On May 21, 2019, at a distance of 7 billion light years away, our tow wave detectors were devastated by the biggest disaster yet. From an examination of the signal, astronomers concluded that they were discovered as a result of two black holes breaking together, with inward pressures at 66 and 85 times the mass of the sun.
But what if it was something else? A new study offers a different interpretation of the event. It is possible, according to an international team of astronomers, that the two were not black holes at all, but mysterious, theoretical objects called boson stars – which could be made up of these candidates. -accessible for dark matter.
The traction wave event, known as GW 190521, was a remarkable discovery. The result of the union of the two would have been a black hole at about 142 times the mass of the sun – within the intermediate mass range a black hole has never been found before, to the the high mass gap is called the black hole.
That was nice, but there was a big puzzle – the black hole of 85 sunsets said to have been involved in the crash. According to our models, black holes over about 65 masses of sunlight cannot come from a single star, like large stellar black holes.
That’s because the supernatural stars that would produce a black hole in this mass range are so large that their supernovae – known as pair instability supernovae – should completely destroy the stellar heart. , leaving nothing behind that could fall into a black hole.
While our understanding of the formation of ‘twin’ stars does not allow pairs of stellar black holes to be close enough to fit together, the definition of two smaller black holes does seem to coincide. . But if we go with the data alone, another model will respond even better.
The black hole between two smaller black holes may have been the result of an earlier union, the black hole being the result of an earlier union between two smaller black holes. Led by Juan Calderón Bustillo of the Galician Institute of High Energy Physics in Spain, the research team has proven that boson stars would be a perfect match for the numbers.
“Our results show that both scenarios are almost recognizable because of the data, although the exotic boson star hypothesis is slightly better,” said astronomer José Font of the University of Valencia, Spain.
“This is very interesting, because our boson star model, as it is now, is very limited, and subject to major improvements. A more developed model could lead to even more evidence for this situation and will allow us to study the gravitational pre- wave views under the guise of a boson star union. “
At the moment, Boson stars are just theoretical, and have never been discovered before, but astronomers are more interested, especially in finding a dark subject.
They, like black holes, are predictable by general relevance, and can grow to millions of solar masses at a very complex size.
As we have reported before, where stars are usually made up of particles called fermions – protons, neutrons, electrons, the material that is the most substantial part of our Universe – boson stars would be on made up entirely of bosons. These grains – including photons, gluons and the famous Higgs boson – do not follow the same physical rules as fermions.
Fountains are subject to the Pauli principle of prohibition, which means that you cannot have two or more springs with the same quantum states, which include the place in which they sit. But Bosons can be taken over; when they come together, they act as one big wave or subject. We know this, because it was made in a laboratory, producing something called Bose-Einstein condensate.
For boson stars, the particles can be pushed into a space that can be defined by specific values, or points on a scale. With the right type of bosons in the right configurations, this ‘scattered field’ could be in a relatively stable configuration.
Boson stars may look very similar to black holes, except for one feature: they do not have a absorbent surface that would block photons, or an event horizon, so they would appear completely visible. They are basically the tight knots of Bose-Einstein converging in space.

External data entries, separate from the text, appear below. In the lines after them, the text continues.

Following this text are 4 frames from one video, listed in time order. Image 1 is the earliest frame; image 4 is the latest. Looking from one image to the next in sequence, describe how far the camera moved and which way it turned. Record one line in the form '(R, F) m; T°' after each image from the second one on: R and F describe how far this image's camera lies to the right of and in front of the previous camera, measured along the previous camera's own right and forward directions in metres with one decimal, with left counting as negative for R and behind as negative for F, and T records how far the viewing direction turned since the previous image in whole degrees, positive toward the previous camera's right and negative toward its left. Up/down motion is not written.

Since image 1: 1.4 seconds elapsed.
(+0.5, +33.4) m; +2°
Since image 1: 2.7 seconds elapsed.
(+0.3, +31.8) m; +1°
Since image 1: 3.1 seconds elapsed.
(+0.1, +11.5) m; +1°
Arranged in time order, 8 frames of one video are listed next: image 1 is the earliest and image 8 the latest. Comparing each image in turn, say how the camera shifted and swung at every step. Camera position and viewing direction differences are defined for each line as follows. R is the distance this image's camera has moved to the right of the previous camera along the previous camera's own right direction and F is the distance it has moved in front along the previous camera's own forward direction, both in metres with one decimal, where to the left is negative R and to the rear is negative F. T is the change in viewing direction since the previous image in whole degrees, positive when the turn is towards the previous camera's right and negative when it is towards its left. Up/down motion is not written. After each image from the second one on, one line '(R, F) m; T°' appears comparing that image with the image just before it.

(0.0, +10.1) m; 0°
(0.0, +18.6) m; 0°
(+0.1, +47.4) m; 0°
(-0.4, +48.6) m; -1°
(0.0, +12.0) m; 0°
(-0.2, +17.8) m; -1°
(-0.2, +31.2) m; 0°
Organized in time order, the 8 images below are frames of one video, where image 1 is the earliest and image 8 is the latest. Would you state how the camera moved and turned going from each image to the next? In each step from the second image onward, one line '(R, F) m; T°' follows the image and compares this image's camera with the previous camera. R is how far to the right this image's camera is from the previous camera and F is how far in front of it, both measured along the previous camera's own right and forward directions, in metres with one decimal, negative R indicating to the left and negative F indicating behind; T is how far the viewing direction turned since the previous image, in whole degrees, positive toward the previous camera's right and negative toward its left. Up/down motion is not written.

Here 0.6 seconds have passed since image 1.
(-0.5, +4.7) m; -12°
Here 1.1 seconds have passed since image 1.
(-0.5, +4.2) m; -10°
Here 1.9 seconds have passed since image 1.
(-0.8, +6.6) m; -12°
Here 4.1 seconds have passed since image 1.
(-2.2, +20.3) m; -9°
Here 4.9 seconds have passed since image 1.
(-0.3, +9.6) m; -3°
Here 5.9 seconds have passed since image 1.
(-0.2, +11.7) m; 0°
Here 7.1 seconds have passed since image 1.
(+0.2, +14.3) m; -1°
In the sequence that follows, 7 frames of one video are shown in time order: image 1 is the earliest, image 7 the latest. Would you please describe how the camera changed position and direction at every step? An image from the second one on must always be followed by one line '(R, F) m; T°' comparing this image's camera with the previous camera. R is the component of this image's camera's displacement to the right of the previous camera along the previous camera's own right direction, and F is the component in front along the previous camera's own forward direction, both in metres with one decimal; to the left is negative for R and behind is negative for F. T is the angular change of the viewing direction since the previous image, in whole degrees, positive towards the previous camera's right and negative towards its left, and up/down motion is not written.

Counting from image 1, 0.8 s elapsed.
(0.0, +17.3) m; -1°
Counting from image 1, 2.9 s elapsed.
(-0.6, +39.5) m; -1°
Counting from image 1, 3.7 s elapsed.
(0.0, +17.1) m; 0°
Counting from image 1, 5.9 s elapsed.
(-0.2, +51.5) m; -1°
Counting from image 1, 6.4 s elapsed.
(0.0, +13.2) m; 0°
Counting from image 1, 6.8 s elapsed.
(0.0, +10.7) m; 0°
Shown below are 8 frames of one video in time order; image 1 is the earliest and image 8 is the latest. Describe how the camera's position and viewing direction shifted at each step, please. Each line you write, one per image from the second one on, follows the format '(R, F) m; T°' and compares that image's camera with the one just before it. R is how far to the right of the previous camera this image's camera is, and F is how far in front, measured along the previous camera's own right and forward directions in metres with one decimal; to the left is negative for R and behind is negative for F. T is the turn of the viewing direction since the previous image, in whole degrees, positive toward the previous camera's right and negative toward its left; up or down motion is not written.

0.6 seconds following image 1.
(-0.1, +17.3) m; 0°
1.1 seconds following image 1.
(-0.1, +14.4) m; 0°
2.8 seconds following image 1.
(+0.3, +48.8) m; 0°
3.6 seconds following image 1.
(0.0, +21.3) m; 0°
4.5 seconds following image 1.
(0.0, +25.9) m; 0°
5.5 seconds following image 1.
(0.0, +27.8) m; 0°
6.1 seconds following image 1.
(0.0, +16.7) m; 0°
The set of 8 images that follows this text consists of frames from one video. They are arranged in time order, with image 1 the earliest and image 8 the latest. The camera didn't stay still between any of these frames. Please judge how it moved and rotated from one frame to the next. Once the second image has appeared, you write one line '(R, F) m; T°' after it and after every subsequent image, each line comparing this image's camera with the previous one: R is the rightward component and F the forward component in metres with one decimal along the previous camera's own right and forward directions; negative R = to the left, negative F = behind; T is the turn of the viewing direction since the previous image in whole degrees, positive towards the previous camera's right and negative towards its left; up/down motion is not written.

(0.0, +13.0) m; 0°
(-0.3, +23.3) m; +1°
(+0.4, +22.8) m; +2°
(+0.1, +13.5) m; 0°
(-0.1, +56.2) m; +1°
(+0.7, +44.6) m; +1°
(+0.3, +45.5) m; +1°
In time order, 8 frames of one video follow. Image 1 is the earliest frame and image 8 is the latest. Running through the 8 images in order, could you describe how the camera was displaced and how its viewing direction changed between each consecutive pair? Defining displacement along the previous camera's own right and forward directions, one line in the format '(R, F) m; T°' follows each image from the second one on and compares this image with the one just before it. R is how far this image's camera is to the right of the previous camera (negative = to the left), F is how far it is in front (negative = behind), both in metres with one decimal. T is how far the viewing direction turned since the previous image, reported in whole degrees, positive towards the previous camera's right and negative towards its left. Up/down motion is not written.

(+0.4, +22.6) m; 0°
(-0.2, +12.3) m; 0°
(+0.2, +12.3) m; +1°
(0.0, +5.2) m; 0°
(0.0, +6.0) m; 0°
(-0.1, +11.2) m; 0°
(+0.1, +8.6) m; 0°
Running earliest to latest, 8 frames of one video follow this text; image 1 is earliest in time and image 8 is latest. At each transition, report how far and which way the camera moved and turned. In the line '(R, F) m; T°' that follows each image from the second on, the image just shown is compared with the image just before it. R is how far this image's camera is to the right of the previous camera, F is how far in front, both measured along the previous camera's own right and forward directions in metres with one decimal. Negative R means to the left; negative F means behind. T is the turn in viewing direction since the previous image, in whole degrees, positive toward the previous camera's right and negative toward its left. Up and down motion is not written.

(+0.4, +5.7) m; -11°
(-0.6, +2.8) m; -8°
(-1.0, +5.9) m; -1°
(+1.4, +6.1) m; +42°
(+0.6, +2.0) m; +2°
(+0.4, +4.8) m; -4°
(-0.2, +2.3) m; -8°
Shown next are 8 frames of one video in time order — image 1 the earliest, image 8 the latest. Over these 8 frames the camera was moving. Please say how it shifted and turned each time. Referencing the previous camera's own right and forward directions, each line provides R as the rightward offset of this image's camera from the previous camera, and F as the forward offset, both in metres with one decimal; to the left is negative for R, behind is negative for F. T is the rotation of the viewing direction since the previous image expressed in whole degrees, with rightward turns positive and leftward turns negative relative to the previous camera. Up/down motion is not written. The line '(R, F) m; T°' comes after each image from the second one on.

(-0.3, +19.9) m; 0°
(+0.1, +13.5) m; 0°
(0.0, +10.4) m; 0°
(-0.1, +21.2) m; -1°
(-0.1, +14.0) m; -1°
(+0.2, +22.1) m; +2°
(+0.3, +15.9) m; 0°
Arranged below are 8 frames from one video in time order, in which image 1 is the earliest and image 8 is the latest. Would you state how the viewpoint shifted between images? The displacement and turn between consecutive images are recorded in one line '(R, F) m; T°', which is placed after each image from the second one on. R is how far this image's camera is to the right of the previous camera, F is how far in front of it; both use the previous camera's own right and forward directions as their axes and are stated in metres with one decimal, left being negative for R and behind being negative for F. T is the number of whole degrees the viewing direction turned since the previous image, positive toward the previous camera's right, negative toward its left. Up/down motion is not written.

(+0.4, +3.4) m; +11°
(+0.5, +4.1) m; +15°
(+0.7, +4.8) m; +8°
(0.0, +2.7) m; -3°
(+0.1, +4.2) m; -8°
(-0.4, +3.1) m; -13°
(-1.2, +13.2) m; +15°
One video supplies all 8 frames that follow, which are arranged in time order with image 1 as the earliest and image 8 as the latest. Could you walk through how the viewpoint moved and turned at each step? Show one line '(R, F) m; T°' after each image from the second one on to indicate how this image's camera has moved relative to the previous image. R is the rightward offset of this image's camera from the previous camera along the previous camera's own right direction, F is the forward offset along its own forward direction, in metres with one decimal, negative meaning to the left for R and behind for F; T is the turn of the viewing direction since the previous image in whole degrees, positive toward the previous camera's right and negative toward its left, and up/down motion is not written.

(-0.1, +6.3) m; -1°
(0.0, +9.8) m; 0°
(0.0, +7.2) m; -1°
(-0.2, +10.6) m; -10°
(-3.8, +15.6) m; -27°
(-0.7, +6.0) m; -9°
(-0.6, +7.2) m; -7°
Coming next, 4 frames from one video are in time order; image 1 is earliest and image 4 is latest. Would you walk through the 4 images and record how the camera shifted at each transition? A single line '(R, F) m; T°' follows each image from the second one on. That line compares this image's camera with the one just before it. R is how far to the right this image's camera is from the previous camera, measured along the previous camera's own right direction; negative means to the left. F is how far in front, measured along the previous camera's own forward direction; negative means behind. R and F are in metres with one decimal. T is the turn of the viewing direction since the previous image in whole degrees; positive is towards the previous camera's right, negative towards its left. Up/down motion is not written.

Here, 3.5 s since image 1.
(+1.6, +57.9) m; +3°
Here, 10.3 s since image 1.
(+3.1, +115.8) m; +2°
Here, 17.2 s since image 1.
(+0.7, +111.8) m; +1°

Ironically the innumerable particles that make up such large stars have to be incredibly light, with millions of times less mass than electricity.
Interestingly, this type of ultralight boson would also be a candidate for a dark matter – the unknown, invisible mass that is responsible for all the extra weight that floats around the Universe that we cannot to describe. So the discovery of boson stars would at least slightly address one of the greatest mysteries of the cosmos.
According to the team ‘s calculations, if GW 190521 were a union between two boson stars, the masses and distances would be different, but it would solve the problem of that 85 – degree black hole.
“First of all, we wouldn’t talk about hitting black holes anymore, which eliminates the issue of dealing with a‘ forbidden ’black hole,” Calderón Bustillo said.
“Second, because boson star unions are much weaker, we are finding a distance much closer than the one estimated by LIGO and Virgo. This leads to a much larger mass for the black hole. finally, of about 250 solar masses, so the fact that we’ve seen them form a medium-sized black hole remains true. “
In the team’s situation, when the two stars hit a boson, they created a larger boson star that may have become unstable and fallen into a black hole, so it is impossible to tell the boson star ‘s definition is correct, even if we see it it’s clearly over the revised 1.9 billion-year light speed.
Instead, the analysis provides us with the tools for studying the occurrences of mass waves occurring in the context of boson stars as well as black holes, with the hope of finding answers in the future.
“If it is confirmed by subsequent analysis of this and other gravitational waves,” said astronomer Carlos Herdeiro of the University of Aveiro in Spain, “our result would provide the first speculative evidence for a desired dark subject candidate. a long time ago. “
The research was published in Corporate Review Letters.